Nice looking seasoning. Hope it works out for you


----------



## PalmRoyale (Feb 17, 2019)

I have the same pan_, _love that thing.


----------



## boomchakabowwow (Feb 17, 2019)

Same pan. The got mine seasoned like that. Then first thing I cooked peeled it up. Repeatedly. 

I quit fighting it. I used it as a roasting pan for small Cornish hens and roast. I would get it solar hot in my grill and sear fish. The handle took a beating. It looks crunchy. The silicon button is hanging on by a miracle. It’s stiff and brittle. Haha. 

It’s pretty slick now. Just made a kimchee egg scramble for dinner. It wiped clean with a damp sponge. Phew!
Yesterday I made my wife some potstickers.
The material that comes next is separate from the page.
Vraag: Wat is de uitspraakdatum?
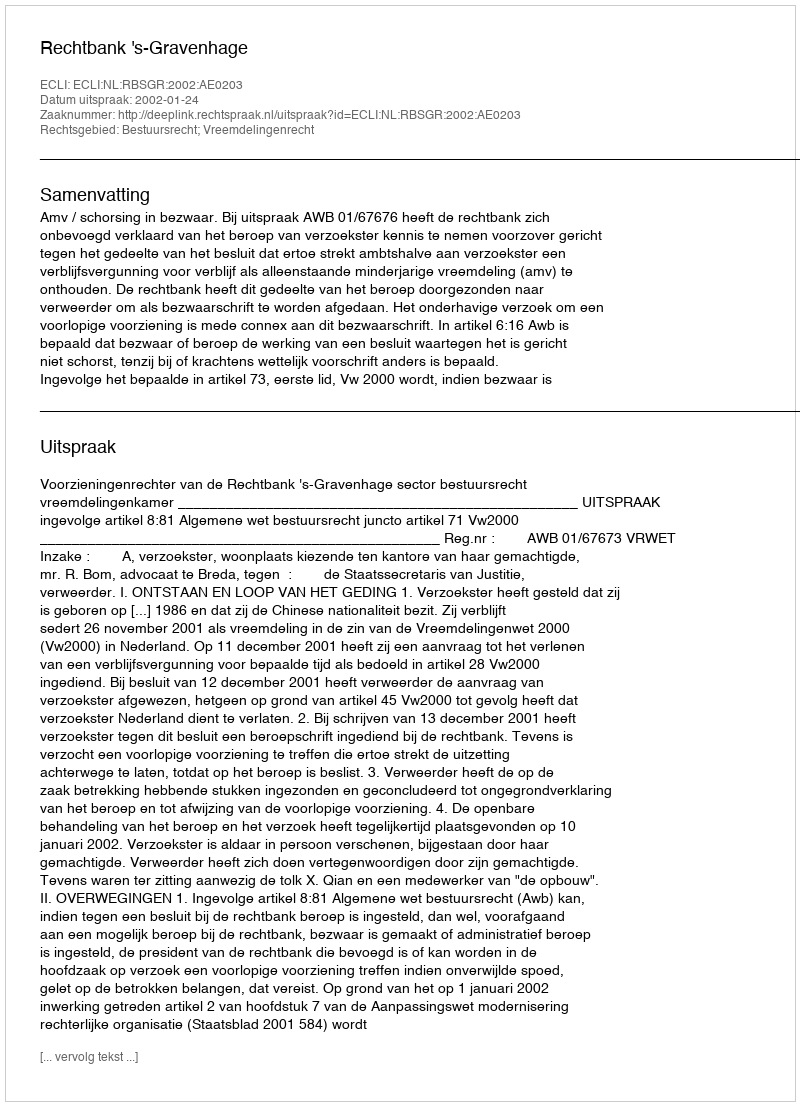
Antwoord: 2002-01-24

It was anybody’s guess for awhile, but they released with a shake when the crust formed. Phew x2!


----------



## boomchakabowwow (Feb 17, 2019)

My crappy Teflon pan might not survive the week.


----------



## boomchakabowwow (Aug 29, 2019)

Another half year in since my last post.

Update. My pan sits on the stove now. It looks like ass. The silicon button got all crusty and fell off. My handle looks bubbly and crusty but still works. It gets used as a small roasting pan in my gas grill. I get it hot and dump fish fillets in. It’s so hot it flames up. I use it for eggs and grilled sandwiches. It is slick like Teflon. It isn’t jet black in color but very blotchy dark brown. I don’t think it’s getting any darker. It does it all (if the food fits - my pan is about 8’ diameter)

I still think cast iron sears steaks and chops better. But I swear I hear angels hoop and holler when I flip an egg over without a spatula. It’s a great pan and I love it.

I clean it with a semi stiff dish brush and hot water. Heat it up on the stove (to dry) and wipe it with a tiny bit of grape seed oil.

I’m a fan.


----------



## podzap (Sep 15, 2019)

Whenever I buy a new De Buyer, I pull the silicon bee off of the handle and throw it into the junk drawer.

You can season them via a variety of techniques, but I've found that nothing works quite like using a powerful gas burner outside. Especially when re-seasoning.


----------